L’Allemagne dévastée a servi de cadre à bon nombre de films tournés en décors naturels dans l’immédiat après-guerre, d’Allemagne année zéro (1948) de Roberto ROSSELLINI à La Scandaleuse de Berlin de Billy WILDER et Berlin Express de Jacques TOURNEUR. Récemment, encore, Christian PETZOLD en faisait le cadre de son mélodrame flamboyant Phoenix (2014).
Cœurs ennemis met aujourd’hui les ressources les plus sophistiquées du numérique au service d’une reconstitution spectaculaire du Hambourg en ruines de 1946. Un colonel de l’armée d’occupation britannique chargé de superviser les travaux de reconstruction se trouve logé avec son épouse dans la propriété d’un veuf qui continue à vivre sous les combles avec sa fille rebelle. Le cinéma a trouvé dans le roman de Rhidian BROOK Dans la maison de l’autre matière à brasser les thématiques de Brève rencontre (1945), de Quelque part en Europe (1948) et du Silence de la mer (1949).

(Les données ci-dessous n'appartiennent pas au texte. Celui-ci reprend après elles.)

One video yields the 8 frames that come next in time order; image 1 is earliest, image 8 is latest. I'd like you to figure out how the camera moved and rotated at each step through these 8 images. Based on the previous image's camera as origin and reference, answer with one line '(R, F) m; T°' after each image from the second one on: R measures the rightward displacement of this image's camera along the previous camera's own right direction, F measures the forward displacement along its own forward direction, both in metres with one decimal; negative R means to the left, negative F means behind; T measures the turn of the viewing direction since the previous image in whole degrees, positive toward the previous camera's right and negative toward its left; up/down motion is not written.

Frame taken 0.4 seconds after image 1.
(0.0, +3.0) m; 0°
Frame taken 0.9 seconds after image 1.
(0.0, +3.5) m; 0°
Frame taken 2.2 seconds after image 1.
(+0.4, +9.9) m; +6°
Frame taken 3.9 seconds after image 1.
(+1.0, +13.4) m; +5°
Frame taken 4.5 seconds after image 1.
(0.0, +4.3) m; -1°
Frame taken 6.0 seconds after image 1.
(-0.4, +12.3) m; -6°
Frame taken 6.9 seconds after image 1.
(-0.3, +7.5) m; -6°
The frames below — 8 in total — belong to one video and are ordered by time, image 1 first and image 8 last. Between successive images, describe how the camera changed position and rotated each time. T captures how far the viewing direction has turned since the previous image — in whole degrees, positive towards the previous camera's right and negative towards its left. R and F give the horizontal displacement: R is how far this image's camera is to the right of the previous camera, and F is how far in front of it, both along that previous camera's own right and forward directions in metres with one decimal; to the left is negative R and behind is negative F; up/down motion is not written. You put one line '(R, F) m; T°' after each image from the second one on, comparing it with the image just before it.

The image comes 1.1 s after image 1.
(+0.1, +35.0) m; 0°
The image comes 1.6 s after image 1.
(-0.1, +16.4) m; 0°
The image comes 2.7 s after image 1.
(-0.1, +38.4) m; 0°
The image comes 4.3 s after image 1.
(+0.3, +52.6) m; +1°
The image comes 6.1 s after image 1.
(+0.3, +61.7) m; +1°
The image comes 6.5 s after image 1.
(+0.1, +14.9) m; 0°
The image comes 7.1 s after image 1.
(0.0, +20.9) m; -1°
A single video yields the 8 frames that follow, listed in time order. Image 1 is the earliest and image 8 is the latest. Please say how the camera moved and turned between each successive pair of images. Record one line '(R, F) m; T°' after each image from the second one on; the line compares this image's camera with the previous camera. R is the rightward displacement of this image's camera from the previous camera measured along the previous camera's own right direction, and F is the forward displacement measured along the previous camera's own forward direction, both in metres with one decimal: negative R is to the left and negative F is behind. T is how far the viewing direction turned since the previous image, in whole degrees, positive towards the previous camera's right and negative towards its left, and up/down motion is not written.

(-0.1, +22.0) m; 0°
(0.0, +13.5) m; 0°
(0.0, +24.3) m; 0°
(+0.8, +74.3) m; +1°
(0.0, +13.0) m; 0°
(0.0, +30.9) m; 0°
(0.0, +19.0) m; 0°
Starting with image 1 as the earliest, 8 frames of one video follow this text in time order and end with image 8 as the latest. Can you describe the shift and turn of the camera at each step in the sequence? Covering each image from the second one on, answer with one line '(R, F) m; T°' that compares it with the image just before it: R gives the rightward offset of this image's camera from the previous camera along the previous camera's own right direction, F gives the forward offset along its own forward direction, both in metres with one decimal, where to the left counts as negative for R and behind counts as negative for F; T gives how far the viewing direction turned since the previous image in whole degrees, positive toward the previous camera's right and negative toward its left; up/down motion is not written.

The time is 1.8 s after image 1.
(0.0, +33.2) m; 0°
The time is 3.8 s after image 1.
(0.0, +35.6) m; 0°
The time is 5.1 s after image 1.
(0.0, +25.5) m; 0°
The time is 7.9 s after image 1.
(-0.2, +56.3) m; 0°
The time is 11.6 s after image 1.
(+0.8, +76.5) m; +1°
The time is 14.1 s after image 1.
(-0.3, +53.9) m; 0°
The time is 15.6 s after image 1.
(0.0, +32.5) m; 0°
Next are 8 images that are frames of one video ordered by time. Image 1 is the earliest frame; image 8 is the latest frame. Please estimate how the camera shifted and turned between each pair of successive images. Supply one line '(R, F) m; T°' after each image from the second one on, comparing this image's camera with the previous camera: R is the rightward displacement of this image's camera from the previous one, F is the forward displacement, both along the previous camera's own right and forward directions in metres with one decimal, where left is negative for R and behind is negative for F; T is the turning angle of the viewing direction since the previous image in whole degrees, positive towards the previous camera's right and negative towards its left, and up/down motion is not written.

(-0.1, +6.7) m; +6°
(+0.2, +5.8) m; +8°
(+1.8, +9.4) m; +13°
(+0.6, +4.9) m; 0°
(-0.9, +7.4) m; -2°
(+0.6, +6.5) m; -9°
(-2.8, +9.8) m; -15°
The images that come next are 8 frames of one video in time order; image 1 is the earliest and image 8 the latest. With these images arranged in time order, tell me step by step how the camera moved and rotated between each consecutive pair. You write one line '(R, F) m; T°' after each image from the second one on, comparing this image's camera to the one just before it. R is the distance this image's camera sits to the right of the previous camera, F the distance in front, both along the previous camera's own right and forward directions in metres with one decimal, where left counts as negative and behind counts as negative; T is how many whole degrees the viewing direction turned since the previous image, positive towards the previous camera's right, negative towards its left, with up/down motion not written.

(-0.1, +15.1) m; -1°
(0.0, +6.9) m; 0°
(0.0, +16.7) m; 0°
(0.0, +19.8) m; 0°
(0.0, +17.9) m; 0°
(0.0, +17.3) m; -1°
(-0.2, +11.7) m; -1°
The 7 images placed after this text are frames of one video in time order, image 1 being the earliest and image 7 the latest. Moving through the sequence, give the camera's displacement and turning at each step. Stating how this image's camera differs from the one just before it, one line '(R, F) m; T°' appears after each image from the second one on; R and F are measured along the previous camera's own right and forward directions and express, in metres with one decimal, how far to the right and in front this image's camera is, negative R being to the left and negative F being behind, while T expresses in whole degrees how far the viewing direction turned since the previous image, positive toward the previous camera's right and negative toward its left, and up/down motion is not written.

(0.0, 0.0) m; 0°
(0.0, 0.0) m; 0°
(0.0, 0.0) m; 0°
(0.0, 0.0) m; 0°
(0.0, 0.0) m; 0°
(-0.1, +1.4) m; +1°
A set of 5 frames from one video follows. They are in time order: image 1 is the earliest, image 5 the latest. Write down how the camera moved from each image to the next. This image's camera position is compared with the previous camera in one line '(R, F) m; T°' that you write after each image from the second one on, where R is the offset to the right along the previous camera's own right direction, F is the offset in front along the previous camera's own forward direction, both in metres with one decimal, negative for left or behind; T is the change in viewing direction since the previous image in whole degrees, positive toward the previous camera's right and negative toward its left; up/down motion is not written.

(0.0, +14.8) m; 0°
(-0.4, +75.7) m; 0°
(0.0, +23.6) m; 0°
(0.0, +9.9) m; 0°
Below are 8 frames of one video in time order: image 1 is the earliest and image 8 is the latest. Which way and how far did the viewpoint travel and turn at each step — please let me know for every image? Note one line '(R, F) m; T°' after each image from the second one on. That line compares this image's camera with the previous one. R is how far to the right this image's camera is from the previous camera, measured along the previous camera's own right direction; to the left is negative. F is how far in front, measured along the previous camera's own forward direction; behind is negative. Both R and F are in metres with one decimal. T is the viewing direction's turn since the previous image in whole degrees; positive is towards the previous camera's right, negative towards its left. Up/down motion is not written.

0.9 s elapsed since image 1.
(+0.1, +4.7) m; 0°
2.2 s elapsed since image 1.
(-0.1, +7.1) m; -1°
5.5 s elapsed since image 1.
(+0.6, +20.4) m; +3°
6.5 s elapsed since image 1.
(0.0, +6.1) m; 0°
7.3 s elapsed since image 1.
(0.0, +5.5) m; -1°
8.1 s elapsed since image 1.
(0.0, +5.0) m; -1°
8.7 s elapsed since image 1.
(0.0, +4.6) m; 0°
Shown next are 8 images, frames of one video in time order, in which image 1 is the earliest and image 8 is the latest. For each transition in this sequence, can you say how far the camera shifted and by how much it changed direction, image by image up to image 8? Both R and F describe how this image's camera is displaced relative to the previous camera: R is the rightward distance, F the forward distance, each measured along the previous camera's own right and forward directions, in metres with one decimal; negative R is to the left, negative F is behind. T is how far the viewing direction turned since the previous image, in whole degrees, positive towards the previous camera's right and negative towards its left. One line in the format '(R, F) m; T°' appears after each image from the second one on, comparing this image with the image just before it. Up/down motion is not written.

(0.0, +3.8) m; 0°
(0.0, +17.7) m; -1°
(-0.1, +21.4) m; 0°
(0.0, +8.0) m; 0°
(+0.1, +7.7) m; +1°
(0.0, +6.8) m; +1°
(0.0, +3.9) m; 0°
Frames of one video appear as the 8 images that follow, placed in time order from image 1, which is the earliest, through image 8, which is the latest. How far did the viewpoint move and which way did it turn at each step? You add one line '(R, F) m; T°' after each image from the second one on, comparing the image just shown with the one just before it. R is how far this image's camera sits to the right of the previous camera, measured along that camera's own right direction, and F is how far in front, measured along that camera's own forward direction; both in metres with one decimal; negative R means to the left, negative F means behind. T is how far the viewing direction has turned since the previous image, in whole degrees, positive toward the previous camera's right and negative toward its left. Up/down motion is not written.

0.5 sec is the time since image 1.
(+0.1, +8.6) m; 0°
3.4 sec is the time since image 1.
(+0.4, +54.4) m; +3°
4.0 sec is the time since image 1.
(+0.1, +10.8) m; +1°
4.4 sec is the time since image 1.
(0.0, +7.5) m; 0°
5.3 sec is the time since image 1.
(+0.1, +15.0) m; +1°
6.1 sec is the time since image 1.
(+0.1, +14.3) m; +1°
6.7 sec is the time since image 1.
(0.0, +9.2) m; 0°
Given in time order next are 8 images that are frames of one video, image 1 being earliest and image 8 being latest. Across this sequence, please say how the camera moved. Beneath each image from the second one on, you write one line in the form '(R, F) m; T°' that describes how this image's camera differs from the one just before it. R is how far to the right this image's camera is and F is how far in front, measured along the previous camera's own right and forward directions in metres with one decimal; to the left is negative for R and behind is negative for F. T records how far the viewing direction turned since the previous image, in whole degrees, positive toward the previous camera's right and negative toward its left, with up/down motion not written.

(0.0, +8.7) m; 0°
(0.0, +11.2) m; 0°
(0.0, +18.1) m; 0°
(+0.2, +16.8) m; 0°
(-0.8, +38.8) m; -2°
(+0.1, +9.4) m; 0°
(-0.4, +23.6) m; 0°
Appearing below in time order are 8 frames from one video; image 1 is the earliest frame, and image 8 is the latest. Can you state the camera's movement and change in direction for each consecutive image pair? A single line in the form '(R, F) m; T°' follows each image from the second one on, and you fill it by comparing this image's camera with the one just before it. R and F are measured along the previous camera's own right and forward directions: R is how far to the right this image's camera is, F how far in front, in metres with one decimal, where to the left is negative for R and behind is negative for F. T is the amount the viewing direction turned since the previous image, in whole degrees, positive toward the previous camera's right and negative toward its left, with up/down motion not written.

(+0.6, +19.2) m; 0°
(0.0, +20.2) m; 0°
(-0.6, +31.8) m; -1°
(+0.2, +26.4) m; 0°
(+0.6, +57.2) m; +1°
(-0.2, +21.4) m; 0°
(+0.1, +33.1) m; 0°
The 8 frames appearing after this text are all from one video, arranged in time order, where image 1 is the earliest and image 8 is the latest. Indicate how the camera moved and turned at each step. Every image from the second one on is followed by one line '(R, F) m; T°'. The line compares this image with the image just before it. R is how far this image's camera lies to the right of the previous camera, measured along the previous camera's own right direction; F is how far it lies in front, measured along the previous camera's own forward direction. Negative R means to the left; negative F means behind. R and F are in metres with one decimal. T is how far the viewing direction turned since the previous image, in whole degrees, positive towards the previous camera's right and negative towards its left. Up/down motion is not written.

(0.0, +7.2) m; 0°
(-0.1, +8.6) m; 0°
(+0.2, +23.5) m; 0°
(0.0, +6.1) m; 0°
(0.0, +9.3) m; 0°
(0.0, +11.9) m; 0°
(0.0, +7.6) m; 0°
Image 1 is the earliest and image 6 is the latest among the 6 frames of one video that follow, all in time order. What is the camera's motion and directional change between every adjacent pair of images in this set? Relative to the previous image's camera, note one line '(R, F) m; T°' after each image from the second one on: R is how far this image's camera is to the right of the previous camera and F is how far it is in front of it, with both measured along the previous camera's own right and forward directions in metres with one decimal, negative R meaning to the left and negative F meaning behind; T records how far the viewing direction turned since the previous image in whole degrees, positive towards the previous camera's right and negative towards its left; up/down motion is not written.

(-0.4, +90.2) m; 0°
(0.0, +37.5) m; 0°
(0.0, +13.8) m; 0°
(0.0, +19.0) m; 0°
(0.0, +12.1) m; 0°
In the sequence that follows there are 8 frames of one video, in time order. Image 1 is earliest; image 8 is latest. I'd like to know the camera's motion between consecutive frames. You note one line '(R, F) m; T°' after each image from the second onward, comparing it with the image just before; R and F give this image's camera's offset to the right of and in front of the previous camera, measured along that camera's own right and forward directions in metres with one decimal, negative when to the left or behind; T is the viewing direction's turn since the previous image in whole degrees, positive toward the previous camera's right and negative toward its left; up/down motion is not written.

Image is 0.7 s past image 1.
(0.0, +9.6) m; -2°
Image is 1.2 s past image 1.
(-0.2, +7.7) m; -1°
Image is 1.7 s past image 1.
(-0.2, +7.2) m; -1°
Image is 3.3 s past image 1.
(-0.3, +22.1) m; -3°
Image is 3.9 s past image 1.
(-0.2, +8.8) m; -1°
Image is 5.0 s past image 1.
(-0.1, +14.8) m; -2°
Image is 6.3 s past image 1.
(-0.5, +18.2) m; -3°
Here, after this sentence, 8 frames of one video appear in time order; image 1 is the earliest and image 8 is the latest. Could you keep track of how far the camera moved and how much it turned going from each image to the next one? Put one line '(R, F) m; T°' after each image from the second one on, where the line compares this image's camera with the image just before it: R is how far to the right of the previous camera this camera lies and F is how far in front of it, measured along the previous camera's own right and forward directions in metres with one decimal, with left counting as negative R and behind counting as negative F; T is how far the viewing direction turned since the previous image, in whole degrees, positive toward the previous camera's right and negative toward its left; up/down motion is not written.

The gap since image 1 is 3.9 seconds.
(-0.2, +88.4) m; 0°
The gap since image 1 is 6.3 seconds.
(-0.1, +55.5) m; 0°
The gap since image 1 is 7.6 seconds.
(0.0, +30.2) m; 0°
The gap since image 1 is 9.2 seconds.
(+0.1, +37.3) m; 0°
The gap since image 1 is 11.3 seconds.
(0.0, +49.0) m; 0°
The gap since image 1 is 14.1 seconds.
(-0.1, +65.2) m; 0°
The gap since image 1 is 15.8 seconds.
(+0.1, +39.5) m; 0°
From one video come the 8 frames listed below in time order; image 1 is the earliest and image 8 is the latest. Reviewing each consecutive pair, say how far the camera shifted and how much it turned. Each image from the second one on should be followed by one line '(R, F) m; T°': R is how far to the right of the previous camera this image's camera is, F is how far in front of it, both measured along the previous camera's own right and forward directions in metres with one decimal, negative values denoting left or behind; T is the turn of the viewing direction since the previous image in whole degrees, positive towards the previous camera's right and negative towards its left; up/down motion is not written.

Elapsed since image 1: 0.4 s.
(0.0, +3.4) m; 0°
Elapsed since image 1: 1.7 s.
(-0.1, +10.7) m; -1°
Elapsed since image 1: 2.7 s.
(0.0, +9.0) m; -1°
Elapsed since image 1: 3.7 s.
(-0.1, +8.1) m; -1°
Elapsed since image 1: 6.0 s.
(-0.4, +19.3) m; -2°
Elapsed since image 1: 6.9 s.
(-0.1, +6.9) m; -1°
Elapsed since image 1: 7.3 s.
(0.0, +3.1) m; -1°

Résultat : un film au souffle romanesque assumé dont tous les protagonistes assument leur statut d’archétypes. Ceux qui s’obstinent à considérer Keira KNIGHTLEY comme une (très) jolie fille sans reconnaître son talent d’interprète devraient réviser leur jugement. Quatre mois après sa composition impeccable dans Colette, cette actrice subtile démontre avec Cœurs ennemis qu’elle est la digne héritière de ces stars qui enchaînaient les rôles sans courir après les performances et les prix d’interprétation, en privilégiant systématiquement leurs personnages à leur ego.
Critique de Jean-Philippe GUERAND
The Aftermath. Film britannique de James KENT (2018), avec Keira KNIGHTLEY, Jason Clarke, Alexander SKARSGÅRD. 1h48.